(Records contained in a dataset)
####################

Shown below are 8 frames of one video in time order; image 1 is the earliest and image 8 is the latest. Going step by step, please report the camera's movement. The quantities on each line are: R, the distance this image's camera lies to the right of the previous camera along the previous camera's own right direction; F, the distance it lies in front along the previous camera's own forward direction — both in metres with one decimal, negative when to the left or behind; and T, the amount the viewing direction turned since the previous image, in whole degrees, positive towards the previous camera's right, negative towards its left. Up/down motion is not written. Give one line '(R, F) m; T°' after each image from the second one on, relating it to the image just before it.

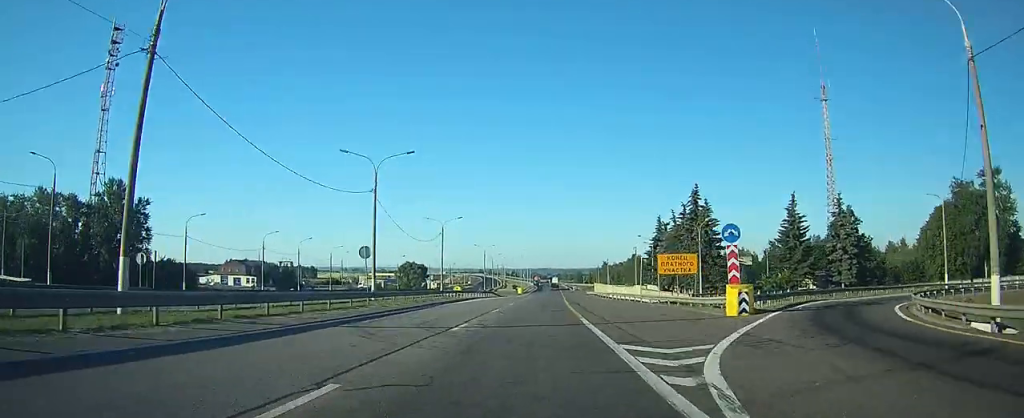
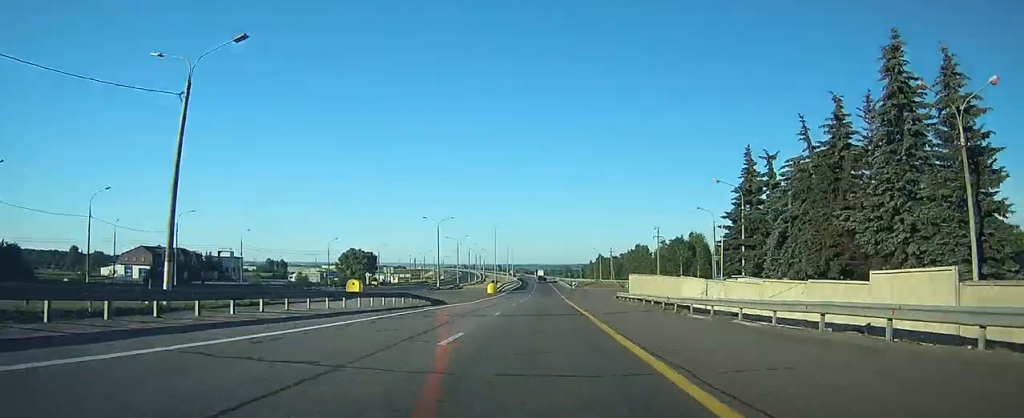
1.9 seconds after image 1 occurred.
(+0.7, +51.2) m; +1°
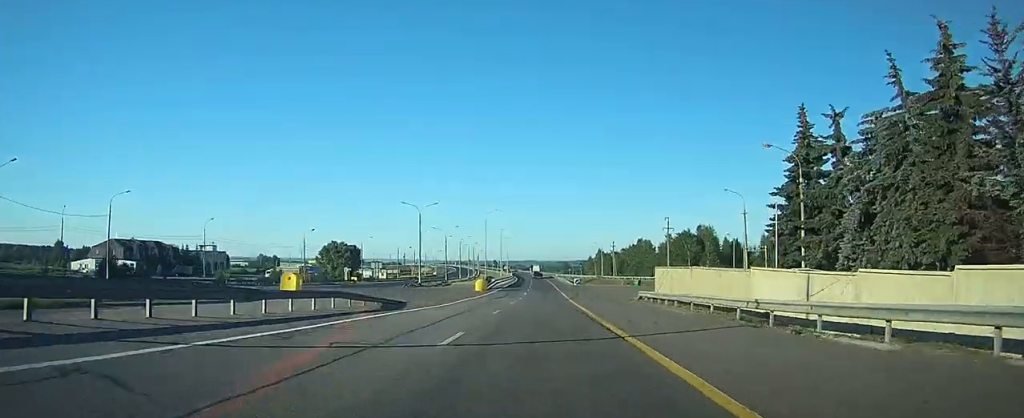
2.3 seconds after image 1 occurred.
(0.0, +12.8) m; 0°
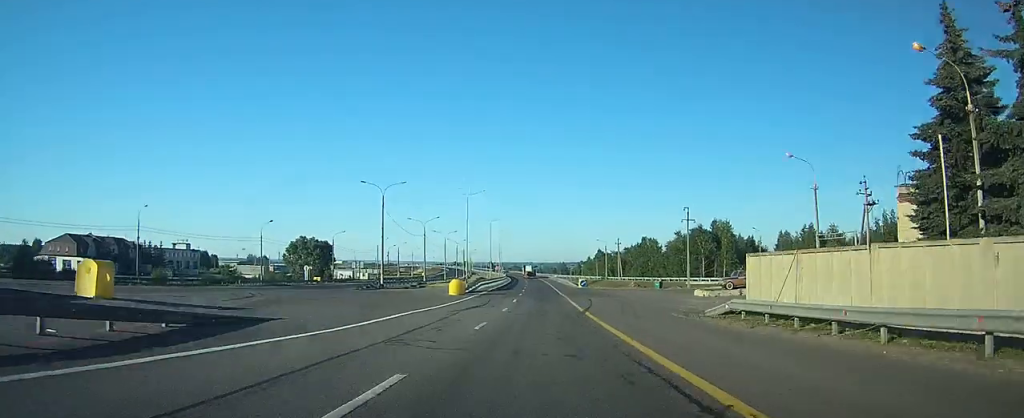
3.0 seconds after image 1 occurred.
(+0.1, +18.2) m; 0°
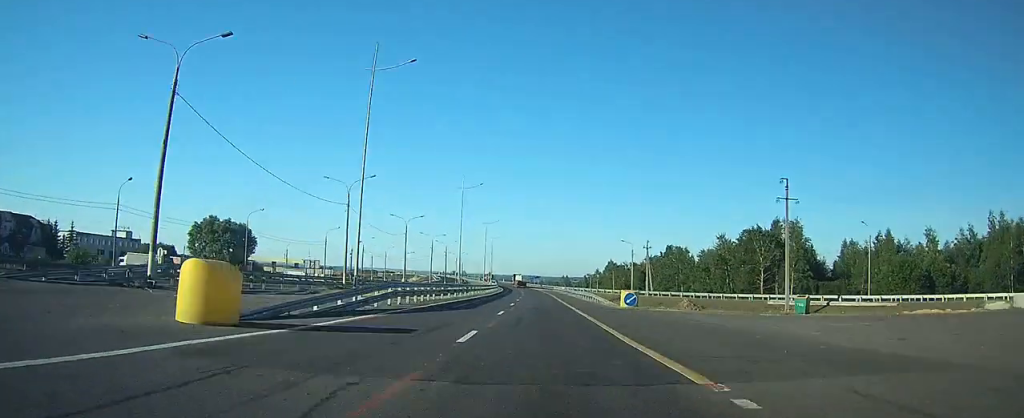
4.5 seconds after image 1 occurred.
(+0.1, +39.9) m; 0°
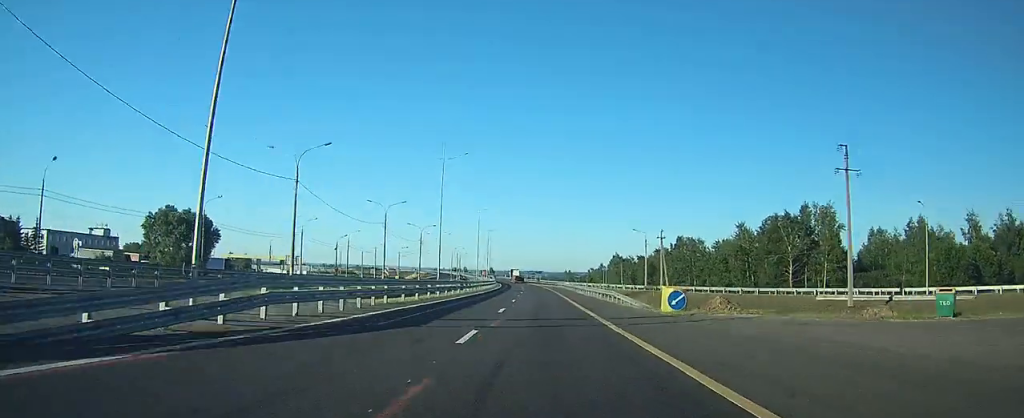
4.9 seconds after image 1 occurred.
(0.0, +12.7) m; 0°
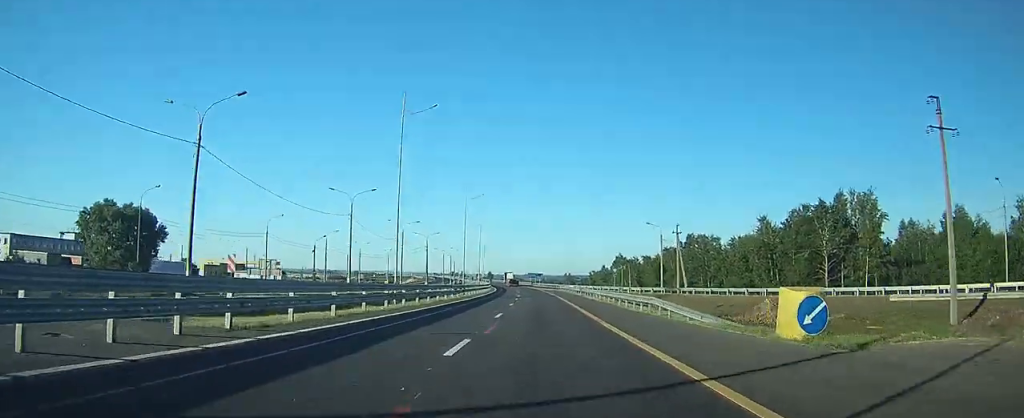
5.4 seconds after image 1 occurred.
(0.0, +13.6) m; 0°
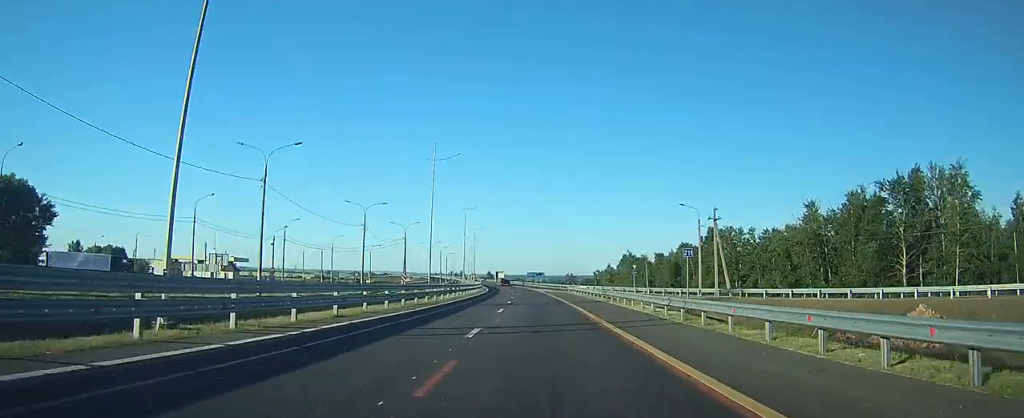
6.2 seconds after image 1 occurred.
(-0.1, +20.8) m; 0°
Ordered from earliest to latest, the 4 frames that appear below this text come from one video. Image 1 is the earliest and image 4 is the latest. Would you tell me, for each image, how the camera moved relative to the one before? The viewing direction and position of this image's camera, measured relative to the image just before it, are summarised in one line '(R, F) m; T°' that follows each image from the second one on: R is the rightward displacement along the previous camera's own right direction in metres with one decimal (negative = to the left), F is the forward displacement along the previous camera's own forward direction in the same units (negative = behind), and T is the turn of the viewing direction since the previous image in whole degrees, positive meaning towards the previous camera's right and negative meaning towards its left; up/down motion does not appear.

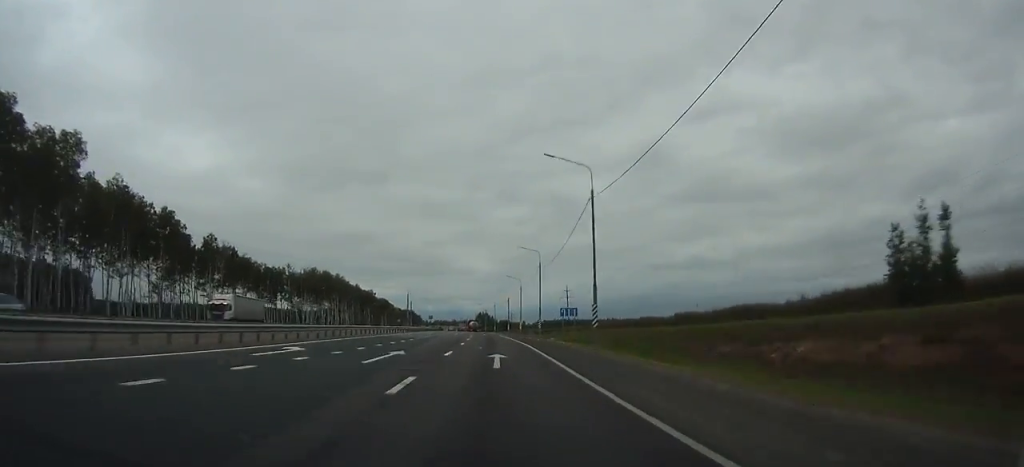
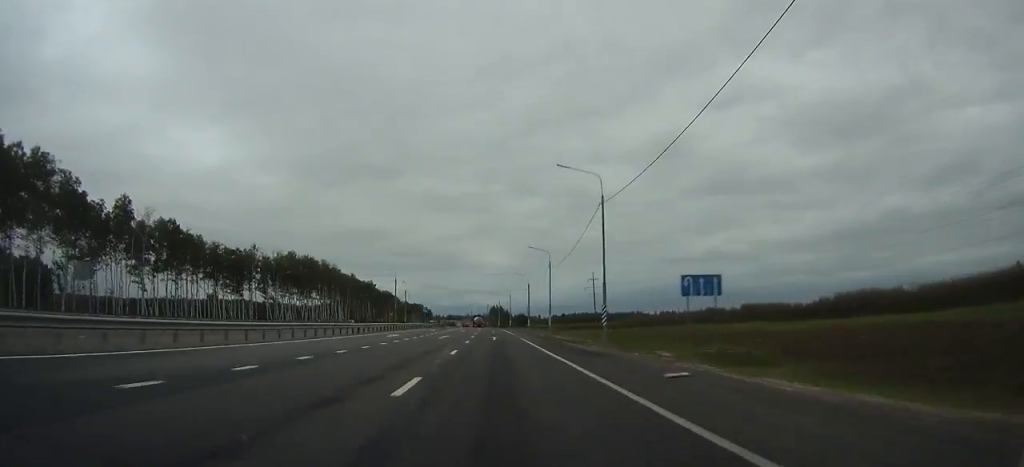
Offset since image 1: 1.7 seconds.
(+0.4, +36.6) m; 0°
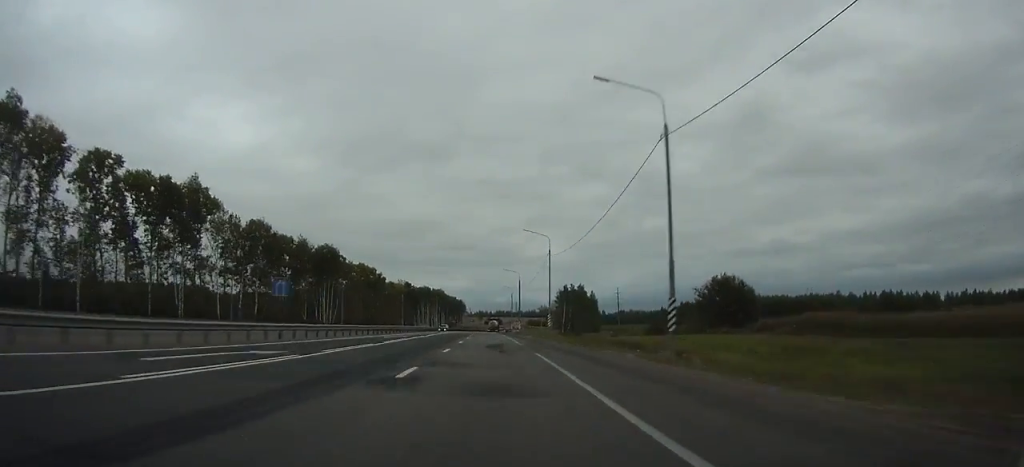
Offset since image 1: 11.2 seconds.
(-7.6, +212.2) m; -5°
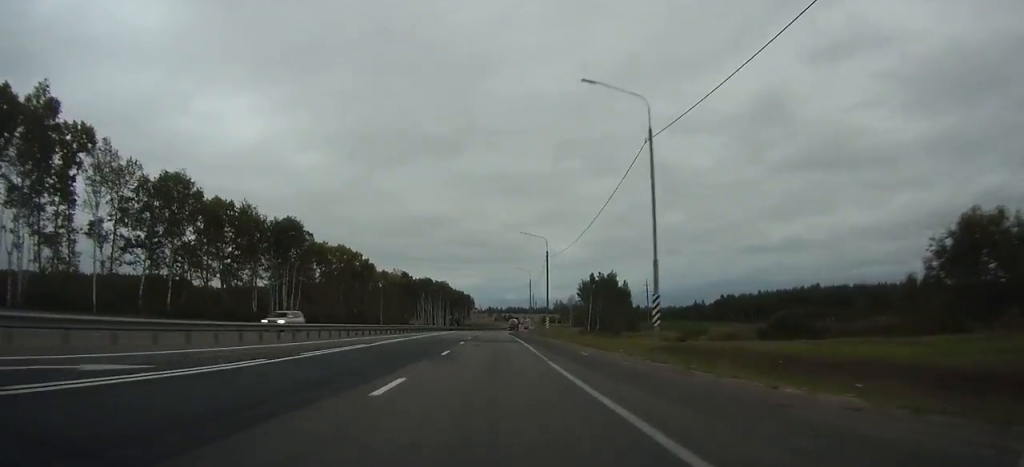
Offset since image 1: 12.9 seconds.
(-0.4, +38.8) m; -1°
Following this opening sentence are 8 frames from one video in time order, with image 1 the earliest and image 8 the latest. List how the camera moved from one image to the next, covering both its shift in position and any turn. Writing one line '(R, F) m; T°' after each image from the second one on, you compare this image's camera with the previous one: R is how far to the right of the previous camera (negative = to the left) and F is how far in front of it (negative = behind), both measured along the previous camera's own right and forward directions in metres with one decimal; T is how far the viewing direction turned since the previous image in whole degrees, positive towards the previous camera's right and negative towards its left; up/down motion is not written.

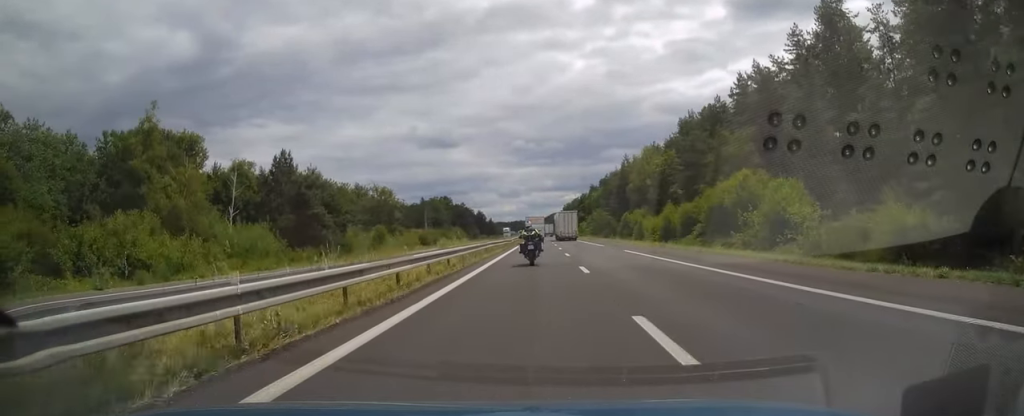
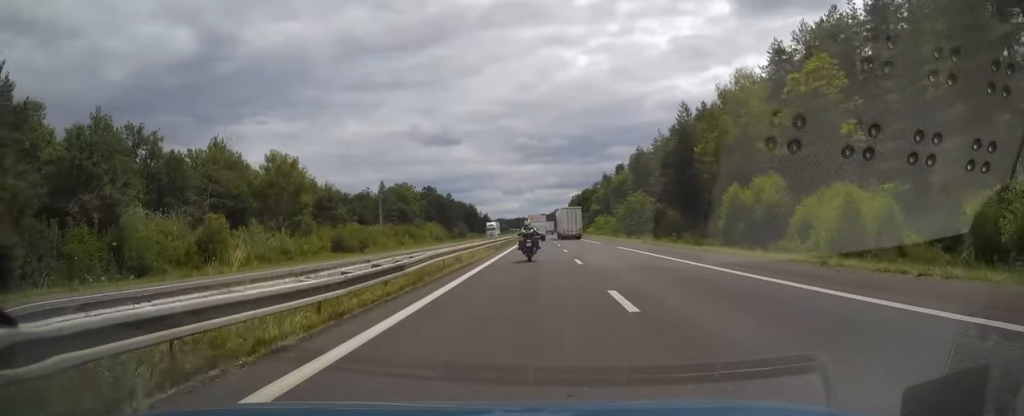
(0.0, +48.9) m; 0°
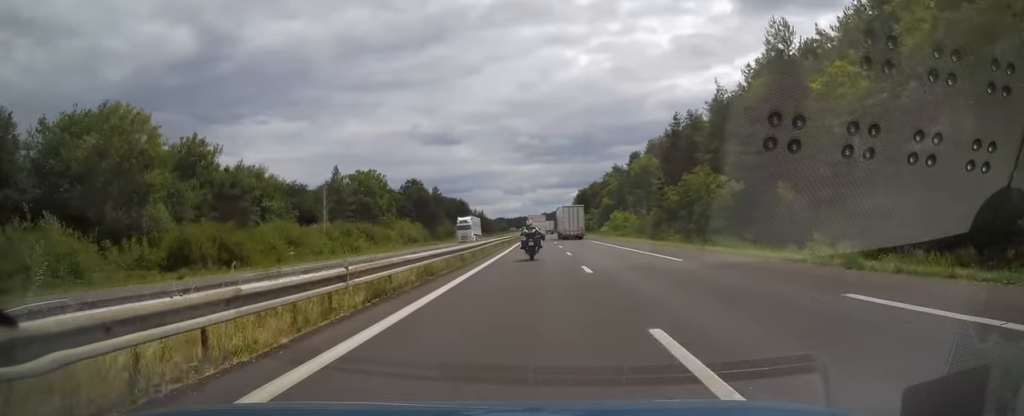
(0.0, +31.3) m; 0°
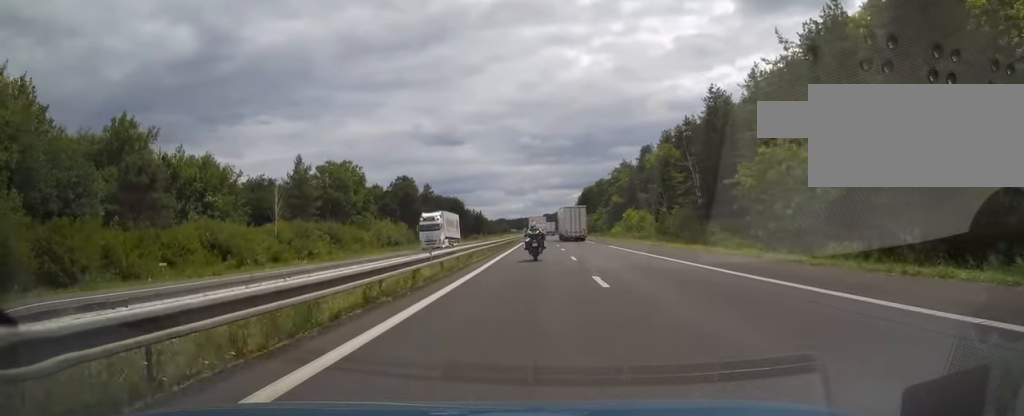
(+0.1, +17.1) m; 0°
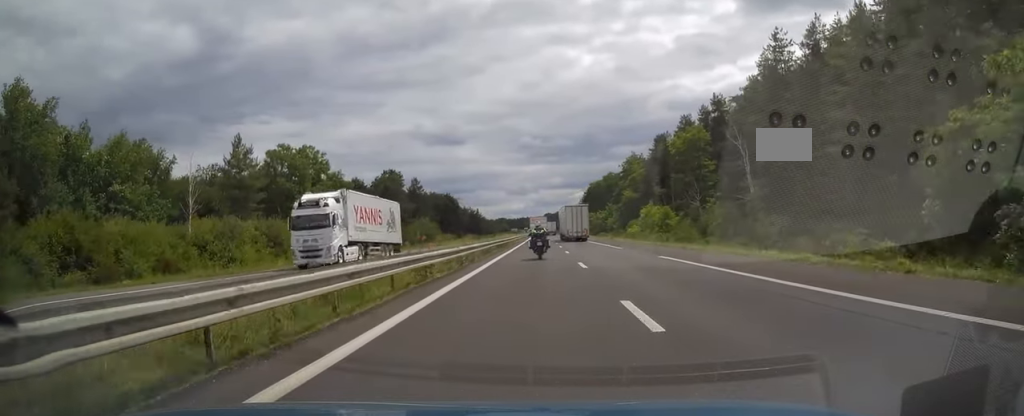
(-0.1, +18.9) m; 0°
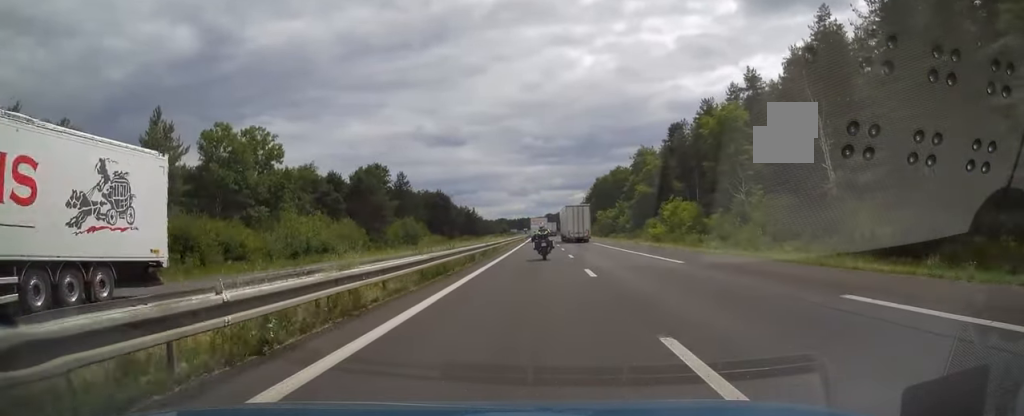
(0.0, +16.6) m; 0°
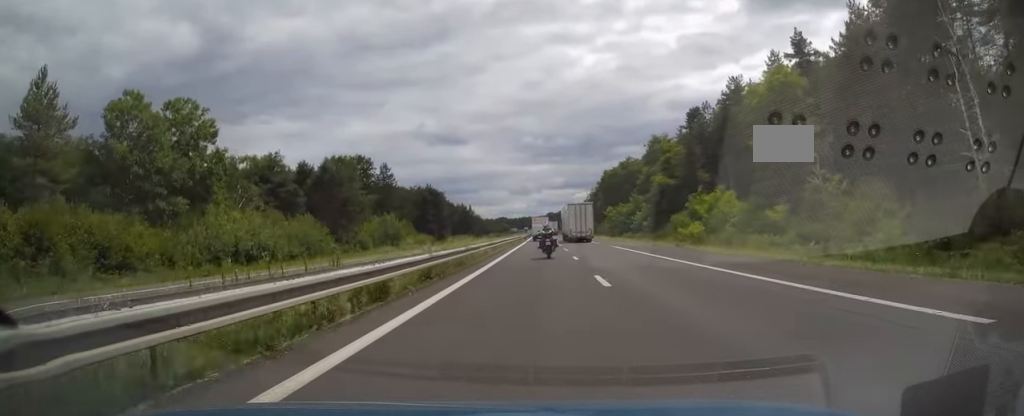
(0.0, +16.2) m; 0°
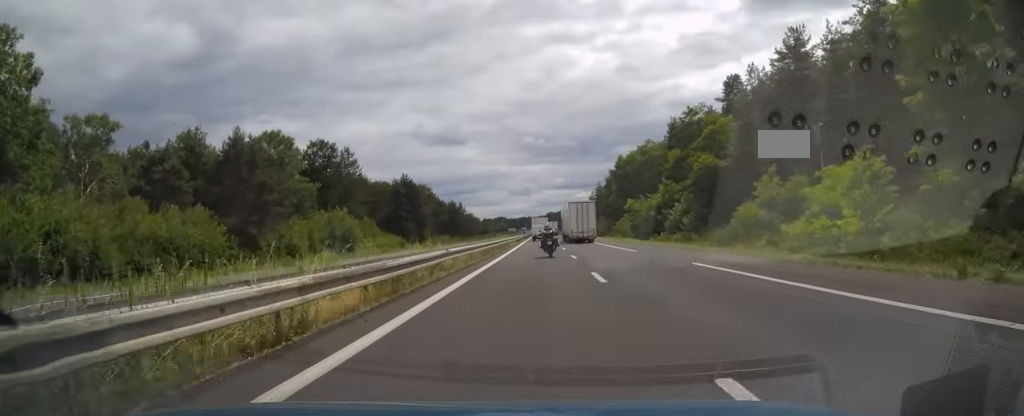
(-0.1, +25.1) m; 0°

####################

Without the pictures, give every line of the data again, exactly as written.

WRITTEN SOLUTION:
Shown below are 8 frames of one video in time order; image 1 is the earliest and image 8 is the latest. Going step by step, please report the camera's movement. The quantities on each line are: R, the distance this image's camera lies to the right of the previous camera along the previous camera's own right direction; F, the distance it lies in front along the previous camera's own forward direction — both in metres with one decimal, negative when to the left or behind; and T, the amount the viewing direction turned since the previous image, in whole degrees, positive towards the previous camera's right, negative towards its left. Up/down motion is not written. Give one line '(R, F) m; T°' after each image from the second one on, relating it to the image just before it.

1.9 seconds after image 1 occurred.
(+0.7, +51.2) m; +1°
2.3 seconds after image 1 occurred.
(0.0, +12.8) m; 0°
3.0 seconds after image 1 occurred.
(+0.1, +18.2) m; 0°
4.5 seconds after image 1 occurred.
(+0.1, +39.9) m; 0°
4.9 seconds after image 1 occurred.
(0.0, +12.7) m; 0°
5.4 seconds after image 1 occurred.
(0.0, +13.6) m; 0°
6.2 seconds after image 1 occurred.
(-0.1, +20.8) m; 0°
Ordered from earliest to latest, the 4 frames that appear below this text come from one video. Image 1 is the earliest and image 4 is the latest. Would you tell me, for each image, how the camera moved relative to the one before? The viewing direction and position of this image's camera, measured relative to the image just before it, are summarised in one line '(R, F) m; T°' that follows each image from the second one on: R is the rightward displacement along the previous camera's own right direction in metres with one decimal (negative = to the left), F is the forward displacement along the previous camera's own forward direction in the same units (negative = behind), and T is the turn of the viewing direction since the previous image in whole degrees, positive meaning towards the previous camera's right and negative meaning towards its left; up/down motion does not appear.

Offset since image 1: 1.7 seconds.
(+0.4, +36.6) m; 0°
Offset since image 1: 11.2 seconds.
(-7.6, +212.2) m; -5°
Offset since image 1: 12.9 seconds.
(-0.4, +38.8) m; -1°
Following this opening sentence are 8 frames from one video in time order, with image 1 the earliest and image 8 the latest. List how the camera moved from one image to the next, covering both its shift in position and any turn. Writing one line '(R, F) m; T°' after each image from the second one on, you compare this image's camera with the previous one: R is how far to the right of the previous camera (negative = to the left) and F is how far in front of it (negative = behind), both measured along the previous camera's own right and forward directions in metres with one decimal; T is how far the viewing direction turned since the previous image in whole degrees, positive towards the previous camera's right and negative towards its left; up/down motion is not written.

(0.0, +48.9) m; 0°
(0.0, +31.3) m; 0°
(+0.1, +17.1) m; 0°
(-0.1, +18.9) m; 0°
(0.0, +16.6) m; 0°
(0.0, +16.2) m; 0°
(-0.1, +25.1) m; 0°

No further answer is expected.